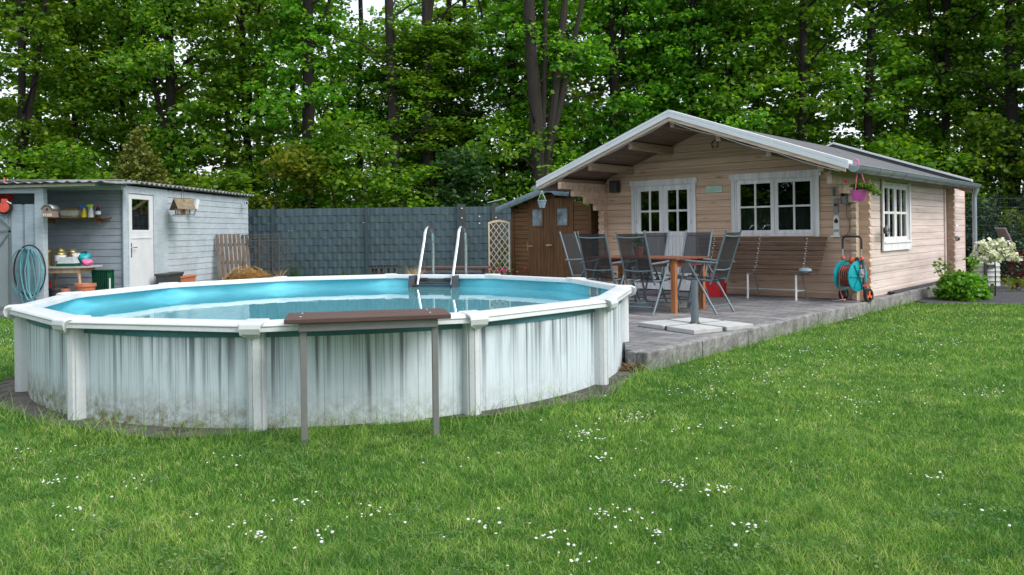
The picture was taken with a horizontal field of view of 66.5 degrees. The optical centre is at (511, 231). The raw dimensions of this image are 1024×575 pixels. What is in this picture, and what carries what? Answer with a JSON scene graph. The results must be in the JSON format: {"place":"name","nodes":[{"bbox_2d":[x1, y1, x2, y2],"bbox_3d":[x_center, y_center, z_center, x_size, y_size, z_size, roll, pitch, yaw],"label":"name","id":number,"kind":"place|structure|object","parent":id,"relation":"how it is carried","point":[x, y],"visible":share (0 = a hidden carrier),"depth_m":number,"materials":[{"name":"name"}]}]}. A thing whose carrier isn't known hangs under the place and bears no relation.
{"place":"outdoors","nodes":[
{"label":"outdoors","id":0,"kind":"place"},
{"bbox_2d":[0,297,1023,574],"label":"lawn","id":1,"kind":"structure","parent":0,"point":[600,499],"depth_m":3.87,"materials":[{"name":"plant"}]},
{"bbox_2d":[0,217,12,317],"bbox_3d":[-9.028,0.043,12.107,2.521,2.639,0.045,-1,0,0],"label":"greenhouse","id":2,"kind":"object","parent":1,"relation":"on","point":[6,298],"visible":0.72,"depth_m":12.11,"materials":[{"name":"glass"}]},
{"bbox_2d":[0,179,253,291],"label":"garden shed","id":3,"kind":"structure","parent":1,"relation":"on","point":[143,235],"depth_m":14.70,"materials":[{"name":"light grey painted wood"},{"name":"white paint"},{"name":"corrugated roofing"}]},
{"bbox_2d":[129,194,153,286],"bbox_3d":[-6.912,0.311,14.581,0.099,1.990,0.866,-1,0,3],"label":"door","id":4,"kind":"structure","parent":3,"relation":"in","point":[141,259],"depth_m":14.58,"materials":[{"name":"white paint"}]},
{"bbox_2d":[170,184,195,214],"bbox_3d":[-6.538,-0.629,15.484,0.340,0.624,0.540,-1,0,-40],"label":"bird feeder","id":5,"kind":"object","parent":3,"relation":"attached to","point":[180,206],"visible":1,"depth_m":15.42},
{"bbox_2d":[154,272,183,283],"bbox_3d":[-6.647,1.070,15.154,0.250,0.525,0.760,-1,0,0],"label":"plant trough","id":6,"kind":"object","parent":1,"relation":"on","point":[168,277],"visible":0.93,"depth_m":14.90,"materials":[{"name":"grey plastic"}]},
{"bbox_2d":[215,234,250,279],"bbox_3d":[-6.296,0.694,17.666,0.724,1.283,0.389,-1,0,-33],"label":"wooden pallet","id":7,"kind":"object","parent":1,"relation":"on","point":[240,260],"visible":0.62,"depth_m":17.68,"materials":[{"name":"wood"}]},
{"bbox_2d":[224,265,271,279],"bbox_3d":[-5.656,1.025,16.592,1.378,0.636,1.144,-1,0,0],"label":"straw heap","id":8,"kind":"object","parent":1,"relation":"on","point":[247,274],"visible":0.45,"depth_m":16.43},
{"bbox_2d":[242,234,293,277],"bbox_3d":[-5.734,0.694,18.398,0.912,1.255,1.013,-1,0,0],"label":"wire mesh","id":9,"kind":"object","parent":1,"relation":"on","point":[268,260],"visible":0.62,"depth_m":17.90,"materials":[{"name":"metal"}]},
{"bbox_2d":[3,273,635,431],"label":"swimming pool","id":10,"kind":"structure","parent":1,"relation":"on","point":[162,370],"depth_m":5.23,"materials":[{"name":"white plastic"}]},
{"bbox_2d":[65,286,594,319],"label":"water","id":11,"kind":"structure","parent":10,"relation":"in","point":[276,304],"depth_m":8.03,"materials":[{"name":"liquid"}]},
{"bbox_2d":[408,226,467,287],"bbox_3d":[-0.941,0.584,10.254,0.616,1.316,0.801,-1,0,15],"label":"pool ladder","id":12,"kind":"object","parent":10,"relation":"attached to","point":[415,280],"visible":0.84,"depth_m":10.15,"materials":[{"name":"metal"}]},
{"bbox_2d":[0,357,640,437],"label":"pool edging","id":13,"kind":"object","parent":1,"relation":"on","point":[7,385],"visible":0.17,"depth_m":5.51,"materials":[{"name":"stone"}]},
{"bbox_2d":[284,308,450,444],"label":"platform","id":14,"kind":"structure","parent":1,"relation":"on","point":[306,322],"depth_m":4.70,"materials":[{"name":"wood"}]},
{"bbox_2d":[422,266,492,273],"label":"platform","id":15,"kind":"structure","parent":1,"relation":"on","point":[459,269],"depth_m":11.13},
{"bbox_2d":[488,220,509,274],"bbox_3d":[-0.262,0.508,16.150,0.450,1.490,0.032,-1,0,4],"label":"trellis","id":16,"kind":"object","parent":1,"relation":"on","point":[489,230],"visible":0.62,"depth_m":16.14,"materials":[{"name":"brown wood"}]},
{"bbox_2d":[2,310,1011,574],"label":"daisies","id":17,"kind":"object","parent":1,"relation":"on","point":[590,456],"visible":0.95,"depth_m":3.61,"materials":[{"name":"white plant"}]},
{"bbox_2d":[0,307,1023,574],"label":"clover","id":18,"kind":"object","parent":1,"relation":"on","point":[456,569],"visible":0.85,"depth_m":3.33,"materials":[{"name":"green plant"}]},
{"bbox_2d":[487,190,613,279],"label":"tool shed","id":19,"kind":"structure","parent":1,"relation":"on","point":[537,248],"depth_m":15.68,"materials":[{"name":"brown wood"}]},
{"bbox_2d":[527,198,550,276],"bbox_3d":[0.541,0.223,15.801,0.583,1.760,0.032,-1,0,42],"label":"door","id":20,"kind":"structure","parent":19,"relation":"in","point":[538,219],"depth_m":15.80,"materials":[{"name":"wood"}]},
{"bbox_2d":[550,197,573,277],"bbox_3d":[0.981,0.218,15.411,0.583,1.760,0.032,-1,0,42],"label":"door","id":21,"kind":"structure","parent":19,"relation":"in","point":[561,209],"depth_m":15.43,"materials":[{"name":"wood"}]},
{"bbox_2d":[627,285,938,371],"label":"patio kerb","id":22,"kind":"structure","parent":1,"relation":"on","point":[688,348],"depth_m":8.49,"materials":[{"name":"concrete"}]},
{"bbox_2d":[0,0,1023,222],"label":"sky","id":23,"kind":"structure","parent":0,"point":[377,4],"materials":[{"name":"white"}]},
{"bbox_2d":[270,250,1021,275],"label":"forest floor","id":24,"kind":"structure","parent":0,"point":[448,273],"depth_m":23.53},
{"bbox_2d":[0,130,16,179],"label":"understory bush","id":25,"kind":"object","parent":24,"relation":"on","point":[4,139],"visible":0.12,"depth_m":23.08,"materials":[{"name":"green plant"}]},
{"bbox_2d":[0,140,114,179],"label":"understory bush","id":26,"kind":"object","parent":24,"relation":"on","point":[37,159],"visible":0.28,"depth_m":22.17,"materials":[{"name":"green plant"}]},
{"bbox_2d":[0,2,119,178],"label":"broadleaf tree","id":27,"kind":"object","parent":24,"relation":"on","point":[8,70],"visible":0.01,"depth_m":28.84,"materials":[{"name":"green plant"}]},
{"bbox_2d":[0,0,135,179],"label":"broadleaf tree","id":28,"kind":"object","parent":24,"relation":"on","point":[53,88],"visible":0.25,"depth_m":25.13,"materials":[{"name":"green plant"}]},
{"bbox_2d":[0,0,137,179],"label":"broadleaf tree","id":29,"kind":"object","parent":24,"relation":"on","point":[23,127],"visible":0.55,"depth_m":24.00,"materials":[{"name":"green plant"}]},
{"bbox_2d":[37,0,197,177],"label":"broadleaf tree","id":30,"kind":"object","parent":24,"relation":"on","point":[120,117],"visible":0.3,"depth_m":25.50,"materials":[{"name":"green plant"}]},
{"bbox_2d":[56,0,213,179],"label":"broadleaf tree","id":31,"kind":"object","parent":24,"relation":"on","point":[126,35],"visible":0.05,"depth_m":29.01,"materials":[{"name":"green plant"}]},
{"bbox_2d":[106,124,176,184],"bbox_3d":[-9.998,-0.711,21.079,3.782,4.383,3.923,-1,0,0],"label":"conifer","id":32,"kind":"object","parent":24,"relation":"on","point":[151,164],"visible":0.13,"depth_m":20.79,"materials":[{"name":"green plant"}]},
{"bbox_2d":[89,0,259,190],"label":"broadleaf tree","id":33,"kind":"object","parent":24,"relation":"on","point":[174,156],"visible":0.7,"depth_m":24.45,"materials":[{"name":"green plant"}]},
{"bbox_2d":[160,166,277,216],"bbox_3d":[-8.398,-0.257,22.052,3.753,3.248,3.408,-1,0,0],"label":"understory bush","id":34,"kind":"object","parent":24,"relation":"on","point":[228,175],"visible":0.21,"depth_m":22.00,"materials":[{"name":"green plant"}]},
{"bbox_2d":[147,0,290,268],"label":"broadleaf tree","id":35,"kind":"object","parent":24,"relation":"on","point":[227,163],"visible":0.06,"depth_m":28.58,"materials":[{"name":"green plant"}]},
{"bbox_2d":[151,0,315,268],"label":"broadleaf tree","id":36,"kind":"object","parent":24,"relation":"on","point":[224,75],"visible":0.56,"depth_m":24.81,"materials":[{"name":"green plant"}]},
{"bbox_2d":[192,2,315,205],"bbox_3d":[-11.468,-5.021,34.804,5.856,12.974,5.352,-1,0,0],"label":"broadleaf tree","id":37,"kind":"object","parent":24,"relation":"on","point":[268,154],"visible":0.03,"depth_m":34.32,"materials":[{"name":"green plant"}]},
{"bbox_2d":[241,140,341,267],"bbox_3d":[-6.293,-0.637,22.449,3.637,3.955,3.417,-1,0,22],"label":"understory bush","id":38,"kind":"object","parent":24,"relation":"on","point":[281,157],"visible":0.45,"depth_m":22.25,"materials":[{"name":"green plant"}]},
{"bbox_2d":[229,0,365,260],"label":"broadleaf tree","id":39,"kind":"object","parent":24,"relation":"on","point":[296,122],"visible":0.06,"depth_m":28.92,"materials":[{"name":"green plant"}]},
{"bbox_2d":[230,0,386,260],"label":"broadleaf tree","id":40,"kind":"object","parent":24,"relation":"on","point":[307,39],"visible":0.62,"depth_m":23.97,"materials":[{"name":"green plant"}]},
{"bbox_2d":[284,0,387,207],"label":"broadleaf tree","id":41,"kind":"object","parent":24,"relation":"on","point":[319,98],"visible":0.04,"depth_m":34.45,"materials":[{"name":"green plant"}]},
{"bbox_2d":[291,110,403,274],"bbox_3d":[-4.776,-1.064,23.103,3.732,4.770,3.226,-1,0,43],"label":"understory bush","id":42,"kind":"object","parent":24,"relation":"on","point":[330,128],"visible":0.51,"depth_m":22.50,"materials":[{"name":"green plant"}]},
{"bbox_2d":[297,0,422,237],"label":"broadleaf tree","id":43,"kind":"object","parent":24,"relation":"on","point":[359,104],"visible":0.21,"depth_m":25.66,"materials":[{"name":"green plant"}]},
{"bbox_2d":[229,204,511,276],"bbox_3d":[-3.280,0.311,19.970,8.818,1.960,0.080,-1,0,0],"label":"privacy fence","id":44,"kind":"object","parent":24,"relation":"on","point":[366,248],"visible":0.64,"depth_m":20.00,"materials":[{"name":"stone"}]},
{"bbox_2d":[349,163,453,266],"bbox_3d":[-2.987,-0.295,21.838,3.459,3.188,3.577,-1,0,0],"label":"understory bush","id":45,"kind":"object","parent":24,"relation":"on","point":[404,182],"visible":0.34,"depth_m":21.75,"materials":[{"name":"green plant"}]},
{"bbox_2d":[327,0,484,258],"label":"broadleaf tree","id":46,"kind":"object","parent":24,"relation":"on","point":[393,125],"visible":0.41,"depth_m":23.96,"materials":[{"name":"green plant"}]},
{"bbox_2d":[365,0,486,204],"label":"broadleaf tree","id":47,"kind":"object","parent":24,"relation":"on","point":[414,8],"visible":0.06,"depth_m":34.37,"materials":[{"name":"green plant"}]},
{"bbox_2d":[352,0,507,250],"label":"broadleaf tree","id":48,"kind":"object","parent":24,"relation":"on","point":[427,20],"visible":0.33,"depth_m":24.38,"materials":[{"name":"green plant"}]},
{"bbox_2d":[372,0,515,204],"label":"broadleaf tree","id":49,"kind":"object","parent":24,"relation":"on","point":[448,15],"visible":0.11,"depth_m":25.32,"materials":[{"name":"green plant"}]},
{"bbox_2d":[420,144,510,258],"bbox_3d":[-1.512,-0.637,22.549,3.320,3.835,3.379,-1,0,0],"label":"understory bush","id":50,"kind":"object","parent":24,"relation":"on","point":[455,154],"visible":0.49,"depth_m":22.11,"materials":[{"name":"green plant"}]},
{"bbox_2d":[406,0,526,265],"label":"broadleaf tree","id":51,"kind":"object","parent":24,"relation":"on","point":[466,13],"visible":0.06,"depth_m":28.31,"materials":[{"name":"green plant"}]},
{"bbox_2d":[461,114,576,250],"bbox_3d":[0.272,-1.127,23.036,3.734,4.770,3.226,-1,0,0],"label":"understory bush","id":52,"kind":"object","parent":24,"relation":"on","point":[490,134],"visible":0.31,"depth_m":22.75,"materials":[{"name":"green plant"}]},
{"bbox_2d":[449,0,596,200],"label":"broadleaf tree","id":53,"kind":"object","parent":24,"relation":"on","point":[511,71],"visible":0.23,"depth_m":24.31,"materials":[{"name":"green plant"}]},
{"bbox_2d":[455,0,618,213],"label":"broadleaf tree","id":54,"kind":"object","parent":24,"relation":"on","point":[536,98],"visible":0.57,"depth_m":23.16,"materials":[{"name":"green plant"}]},
{"bbox_2d":[480,0,620,205],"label":"broadleaf tree","id":55,"kind":"object","parent":24,"relation":"on","point":[588,82],"visible":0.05,"depth_m":29.28,"materials":[{"name":"green plant"}]},
{"bbox_2d":[538,0,707,229],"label":"broadleaf tree","id":56,"kind":"object","parent":24,"relation":"on","point":[594,12],"visible":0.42,"depth_m":24.60,"materials":[{"name":"green plant"}]},
{"bbox_2d":[568,0,715,229],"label":"broadleaf tree","id":57,"kind":"object","parent":24,"relation":"on","point":[633,74],"visible":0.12,"depth_m":25.89,"materials":[{"name":"green plant"}]},
{"bbox_2d":[602,1,746,229],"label":"broadleaf tree","id":58,"kind":"object","parent":24,"relation":"on","point":[715,57],"visible":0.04,"depth_m":27.55,"materials":[{"name":"green plant"}]},
{"bbox_2d":[603,0,747,217],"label":"broadleaf tree","id":59,"kind":"object","parent":24,"relation":"on","point":[690,37],"visible":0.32,"depth_m":24.74,"materials":[{"name":"green plant"}]},
{"bbox_2d":[622,0,751,121],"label":"broadleaf tree","id":60,"kind":"object","parent":24,"relation":"on","point":[700,22],"visible":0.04,"depth_m":26.99,"materials":[{"name":"green plant"}]},
{"bbox_2d":[714,107,781,132],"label":"understory bush","id":61,"kind":"object","parent":24,"relation":"on","point":[752,122],"visible":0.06,"depth_m":22.22,"materials":[{"name":"green plant"}]},
{"bbox_2d":[675,0,839,138],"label":"broadleaf tree","id":62,"kind":"object","parent":24,"relation":"on","point":[767,17],"visible":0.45,"depth_m":23.68,"materials":[{"name":"green plant"}]},
{"bbox_2d":[680,0,835,137],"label":"broadleaf tree","id":63,"kind":"object","parent":24,"relation":"on","point":[779,92],"visible":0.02,"depth_m":27.76,"materials":[{"name":"green plant"}]},
{"bbox_2d":[698,0,863,145],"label":"broadleaf tree","id":64,"kind":"object","parent":24,"relation":"on","point":[803,23],"visible":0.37,"depth_m":23.61,"materials":[{"name":"green plant"}]},
{"bbox_2d":[750,0,895,146],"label":"broadleaf tree","id":65,"kind":"object","parent":24,"relation":"on","point":[840,117],"visible":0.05,"depth_m":29.15,"materials":[{"name":"green plant"}]},
{"bbox_2d":[781,0,945,162],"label":"broadleaf tree","id":66,"kind":"object","parent":24,"relation":"on","point":[876,43],"visible":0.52,"depth_m":23.94,"materials":[{"name":"green plant"}]},
{"bbox_2d":[845,1,988,204],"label":"broadleaf tree","id":67,"kind":"object","parent":24,"relation":"on","point":[909,28],"visible":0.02,"depth_m":30.14,"materials":[{"name":"green plant"}]},
{"bbox_2d":[865,132,982,197],"bbox_3d":[11.667,-0.888,22.587,3.764,4.009,3.296,-1,0,0],"label":"understory bush","id":68,"kind":"object","parent":24,"relation":"on","point":[905,146],"visible":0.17,"depth_m":22.23,"materials":[{"name":"green plant"}]},
{"bbox_2d":[855,0,1005,231],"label":"broadleaf tree","id":69,"kind":"object","parent":24,"relation":"on","point":[946,62],"visible":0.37,"depth_m":24.97,"materials":[{"name":"green plant"}]},
{"bbox_2d":[878,0,1023,234],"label":"broadleaf tree","id":70,"kind":"object","parent":24,"relation":"on","point":[985,50],"visible":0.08,"depth_m":25.88,"materials":[{"name":"green plant"}]},
{"bbox_2d":[914,0,1023,222],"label":"broadleaf tree","id":71,"kind":"object","parent":24,"relation":"on","point":[1012,52],"visible":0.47,"depth_m":23.78,"materials":[{"name":"green plant"}]},
{"bbox_2d":[929,0,1023,192],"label":"broadleaf tree","id":72,"kind":"object","parent":24,"relation":"on","point":[1000,27],"visible":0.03,"depth_m":29.32,"materials":[{"name":"green plant"}]},
{"bbox_2d":[940,107,1023,261],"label":"understory bush","id":73,"kind":"object","parent":24,"relation":"on","point":[978,124],"visible":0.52,"depth_m":22.69,"materials":[{"name":"green plant"}]},
{"bbox_2d":[973,0,1023,222],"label":"broadleaf tree","id":74,"kind":"object","parent":24,"relation":"on","point":[1003,81],"visible":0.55,"depth_m":23.21,"materials":[{"name":"green plant"}]},
{"bbox_2d":[623,289,886,362],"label":"patio","id":75,"kind":"structure","parent":0,"point":[756,309],"depth_m":10.14,"materials":[{"name":"stone"}]},
{"bbox_2d":[559,231,616,281],"bbox_3d":[1.158,0.541,11.558,0.820,1.084,0.524,-1,0,36],"label":"patio chair","id":76,"kind":"object","parent":75,"relation":"on","point":[571,246],"visible":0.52,"depth_m":11.70,"materials":[{"name":"fabric"}]},
{"bbox_2d":[577,231,636,301],"bbox_3d":[1.282,0.540,10.516,0.524,1.084,0.820,-1,0,38],"label":"patio chair","id":77,"kind":"object","parent":75,"relation":"on","point":[596,262],"visible":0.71,"depth_m":10.29,"materials":[{"name":"fabric"}]},
{"bbox_2d":[618,230,669,301],"bbox_3d":[1.948,0.531,11.575,0.524,1.084,0.820,-1,0,42],"label":"patio chair","id":78,"kind":"object","parent":75,"relation":"on","point":[657,243],"visible":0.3,"depth_m":11.74,"materials":[{"name":"fabric"}]},
{"bbox_2d":[615,231,679,315],"bbox_3d":[1.760,0.534,10.154,0.524,1.084,0.820,-1,0,42],"label":"patio chair","id":79,"kind":"object","parent":75,"relation":"on","point":[636,263],"visible":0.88,"depth_m":9.95,"materials":[{"name":"grey metal"}]},
{"bbox_2d":[610,255,708,313],"bbox_3d":[1.857,0.709,10.829,1.480,0.715,0.874,-1,0,42],"label":"garden table","id":80,"kind":"object","parent":75,"relation":"on","point":[675,262],"visible":0.48,"depth_m":10.28,"materials":[{"name":"brown wood"}]},
{"bbox_2d":[638,320,690,329],"bbox_3d":[1.702,1.043,8.713,0.410,0.048,0.410,-1,0,-31],"label":"concrete slab","id":81,"kind":"object","parent":75,"relation":"on","point":[659,324],"depth_m":8.63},
{"bbox_2d":[657,230,712,308],"bbox_3d":[2.482,0.525,11.123,0.524,1.084,0.820,-1,0,42],"label":"patio chair","id":82,"kind":"object","parent":75,"relation":"on","point":[696,243],"visible":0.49,"depth_m":11.33,"materials":[{"name":"fabric"}]},
{"bbox_2d":[667,324,721,334],"bbox_3d":[1.944,1.040,8.310,0.410,0.048,0.410,-1,0,-31],"label":"concrete slab","id":83,"kind":"object","parent":75,"relation":"on","point":[693,329],"depth_m":8.21,"materials":[{"name":"concrete"}]},
{"bbox_2d":[665,280,724,330],"bbox_3d":[2.021,0.803,8.632,0.620,0.516,0.620,-1,0,14],"label":"umbrella stand","id":84,"kind":"object","parent":75,"relation":"on","point":[694,304],"visible":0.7,"depth_m":8.60,"materials":[{"name":"grey metal"}]},
{"bbox_2d":[670,229,741,314],"bbox_3d":[2.551,0.524,10.232,0.820,1.084,0.524,-1,0,42],"label":"patio chair","id":85,"kind":"object","parent":75,"relation":"on","point":[723,261],"visible":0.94,"depth_m":10.08,"materials":[{"name":"black fabric"}]},
{"bbox_2d":[705,278,726,296],"bbox_3d":[3.252,0.899,12.604,0.340,0.300,0.260,-1,0,42],"label":"red crate","id":86,"kind":"object","parent":75,"relation":"on","point":[713,289],"visible":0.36,"depth_m":12.48,"materials":[{"name":"plastic"}]},
{"bbox_2d":[699,321,752,330],"bbox_3d":[2.346,1.035,8.552,0.410,0.048,0.410,-1,0,-31],"label":"concrete slab","id":87,"kind":"object","parent":75,"relation":"on","point":[729,325],"depth_m":8.45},
{"bbox_2d":[532,110,981,300],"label":"cottage","id":88,"kind":"structure","parent":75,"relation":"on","point":[665,168],"depth_m":13.16,"materials":[{"name":"brown wood"}]},
{"bbox_2d":[630,177,696,290],"bbox_3d":[2.697,0.069,13.845,1.360,1.975,0.139,-1,0,42],"label":"door","id":89,"kind":"structure","parent":88,"relation":"in","point":[676,238],"depth_m":13.79,"materials":[{"name":"white paint"}]},
{"bbox_2d":[729,169,821,236],"bbox_3d":[4.260,-0.413,12.556,1.520,1.070,0.270,-1,0,42],"label":"window","id":90,"kind":"structure","parent":88,"relation":"in","point":[773,221],"depth_m":12.50,"materials":[{"name":"white paint"}]},
{"bbox_2d":[844,158,882,200],"bbox_3d":[4.729,-0.699,10.474,0.531,0.580,0.331,-1,0,42],"label":"hanging basket","id":91,"kind":"object","parent":88,"relation":"hanging from","point":[857,194],"visible":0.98,"depth_m":10.46,"materials":[{"name":"plastic"}]},
{"bbox_2d":[880,179,911,250],"bbox_3d":[6.336,-0.259,12.926,0.140,1.140,1.540,-1,0,42],"label":"window","id":92,"kind":"structure","parent":88,"relation":"in","point":[896,197],"depth_m":12.93,"materials":[{"name":"white paint"}]},
{"bbox_2d":[707,237,827,300],"bbox_3d":[3.805,0.570,12.319,2.150,0.956,0.523,-1,0,42],"label":"garden bench","id":93,"kind":"object","parent":75,"relation":"on","point":[763,267],"visible":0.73,"depth_m":12.17,"materials":[{"name":"brown wood"}]},
{"bbox_2d":[831,236,873,302],"bbox_3d":[4.932,0.546,11.341,0.458,0.965,0.485,-1,0,-33],"label":"hose reel","id":94,"kind":"object","parent":75,"relation":"on","point":[847,275],"visible":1,"depth_m":11.27,"materials":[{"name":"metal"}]},
{"bbox_2d":[916,274,1023,303],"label":"gravel bed","id":95,"kind":"object","parent":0,"point":[1005,294],"visible":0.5,"depth_m":13.31,"materials":[{"name":"gravel"}]},
{"bbox_2d":[927,258,954,298],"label":"young shrub","id":96,"kind":"object","parent":95,"relation":"on","point":[940,275],"visible":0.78,"depth_m":13.15,"materials":[{"name":"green plant"}]},
{"bbox_2d":[932,269,994,301],"bbox_3d":[7.560,0.932,13.090,0.923,0.623,0.830,-1,0,-38],"label":"hydrangea bush","id":97,"kind":"object","parent":95,"relation":"on","point":[967,286],"visible":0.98,"depth_m":12.90,"materials":[{"name":"green plant"}]},
{"bbox_2d":[971,261,1000,288],"bbox_3d":[9.282,0.807,15.296,0.510,0.653,0.517,-1,0,0],"label":"water tank","id":98,"kind":"object","parent":95,"relation":"on","point":[988,269],"visible":0.38,"depth_m":15.07,"materials":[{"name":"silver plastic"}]},
{"bbox_2d":[963,195,1023,278],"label":"wire fence","id":99,"kind":"object","parent":95,"relation":"on","point":[994,207],"visible":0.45,"depth_m":17.60,"materials":[{"name":"metal"}]},
{"bbox_2d":[965,200,1023,278],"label":"dark conifer","id":100,"kind":"object","parent":95,"relation":"on","point":[1019,246],"visible":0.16,"depth_m":17.92,"materials":[{"name":"green plant"}]},
{"bbox_2d":[969,237,1023,295],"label":"standard willow","id":101,"kind":"object","parent":95,"relation":"on","point":[991,250],"visible":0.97,"depth_m":13.64,"materials":[{"name":"grey plant"}]},
{"bbox_2d":[1000,249,1023,287],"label":"red shrub","id":102,"kind":"object","parent":95,"relation":"on","point":[1011,267],"visible":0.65,"depth_m":15.19,"materials":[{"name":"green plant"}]},
{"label":"path","id":103,"kind":"structure","parent":0,"visible":0},
{"bbox_2d":[0,180,138,299],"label":"lean to","id":104,"kind":"object","parent":103,"relation":"on","point":[39,190],"visible":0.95,"depth_m":12.92,"materials":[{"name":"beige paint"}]},
{"bbox_2d":[0,204,35,303],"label":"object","id":105,"kind":"object","parent":104,"relation":"attached to","point":[19,219],"visible":0.39,"depth_m":12.98,"materials":[{"name":"wood"}]},
{"bbox_2d":[12,244,45,302],"bbox_3d":[-7.987,0.772,12.839,0.596,1.109,0.201,-1,0,0],"label":"garden hose","id":106,"kind":"object","parent":105,"relation":"hanging from","point":[24,251],"visible":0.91,"depth_m":12.83,"materials":[{"name":"teal plastic"}]},
{"bbox_2d":[48,265,102,286],"bbox_3d":[-7.635,0.973,13.450,0.870,0.749,0.560,-1,0,0],"label":"work table","id":107,"kind":"object","parent":103,"relation":"on","point":[78,270],"visible":0.53,"depth_m":13.21,"materials":[{"name":"brown wood"}]},
{"bbox_2d":[92,269,113,289],"bbox_3d":[-7.130,0.989,13.605,0.340,0.640,0.140,-1,0,12],"label":"green crate","id":108,"kind":"object","parent":103,"relation":"on","point":[100,277],"visible":0.56,"depth_m":13.55,"materials":[{"name":"plastic"}]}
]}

--

(Prompt)
What is the number of lines in the listing that contain "fence"? State it and nothing more.

(Expected answer)
2